▶ **ACTIVITY**
Images should be left out, and everything else in the listing reproduced exactly.

### SUPPLIED ENTRIES

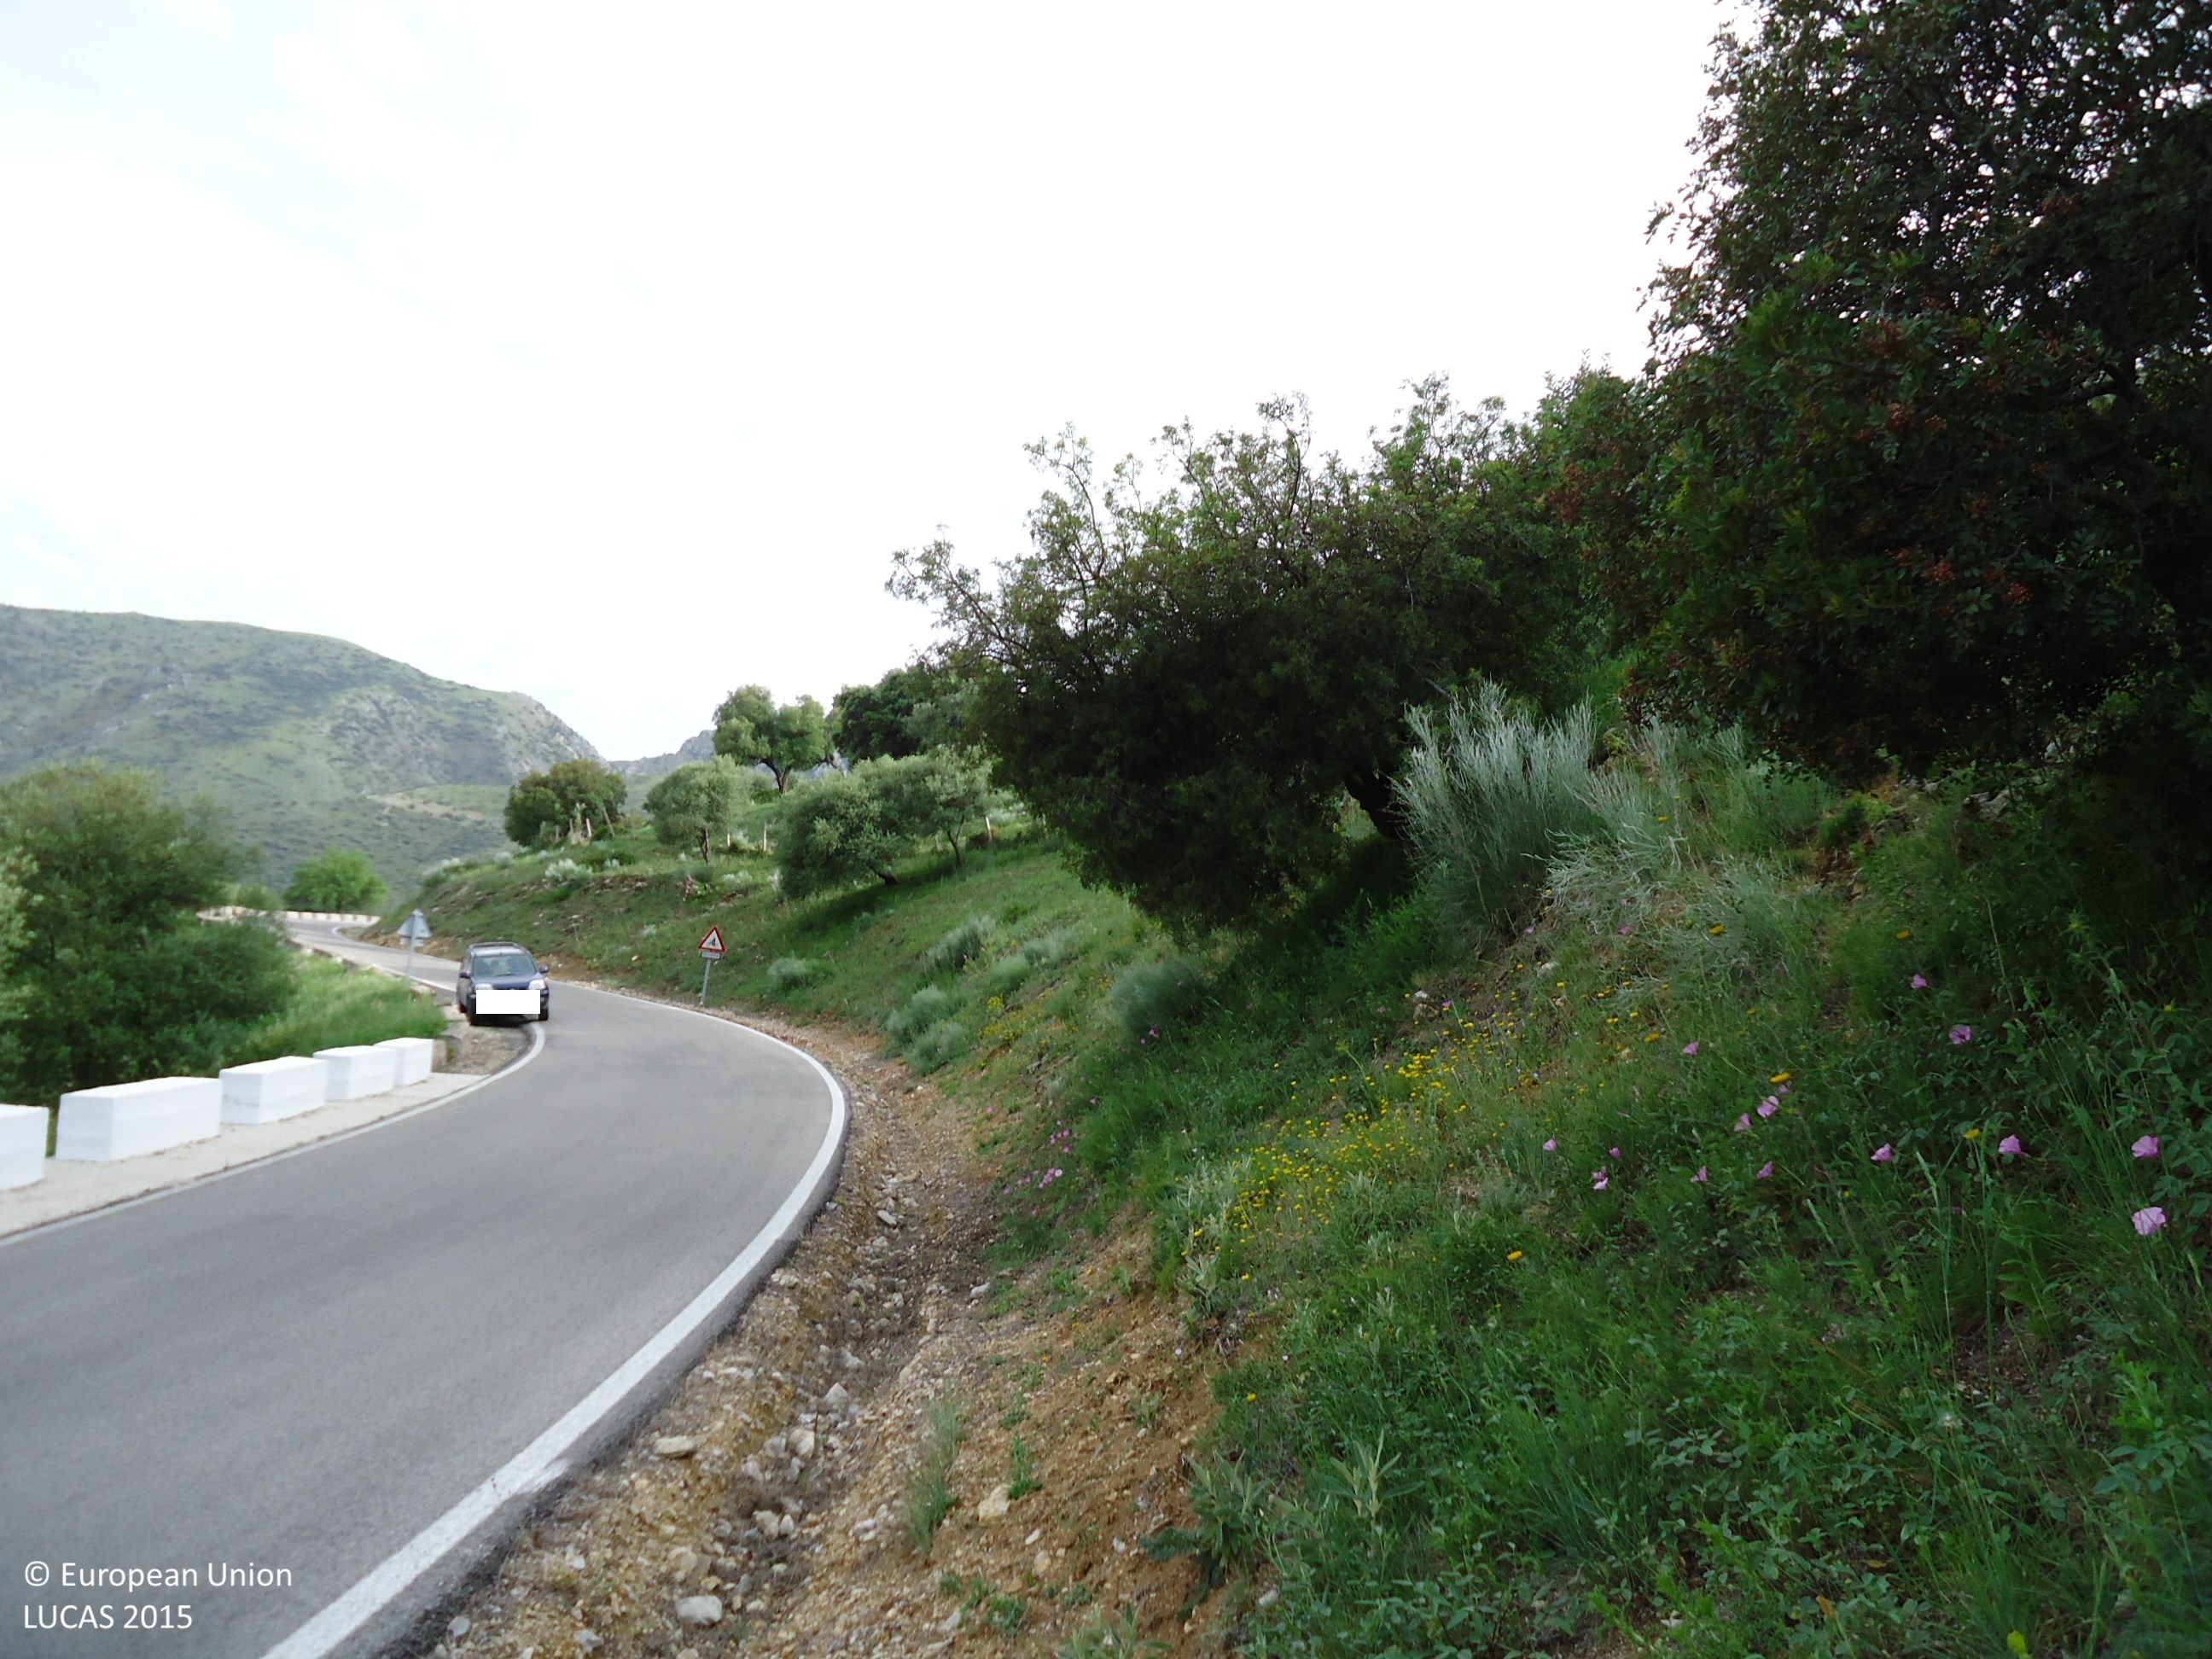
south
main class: Woodland
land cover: Broadleaved woodland
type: broadleaved evergreen forest
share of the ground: 10 - 25 %
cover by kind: herbaceous plants 75 %, broadleaved forest trees 20 %, shrubs 5 %
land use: Forestry
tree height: > 5 m
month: May
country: ES
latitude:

######

▶ **EXERCISE SOLUTION**
south
main class: Woodland
land cover: Broadleaved woodland
type: broadleaved evergreen forest
share of the ground: 10 - 25 %
cover by kind: herbaceous plants 75 %, broadleaved forest trees 20 %, shrubs 5 %
land use: Forestry
tree height: > 5 m
month: May
country: ES
latitude:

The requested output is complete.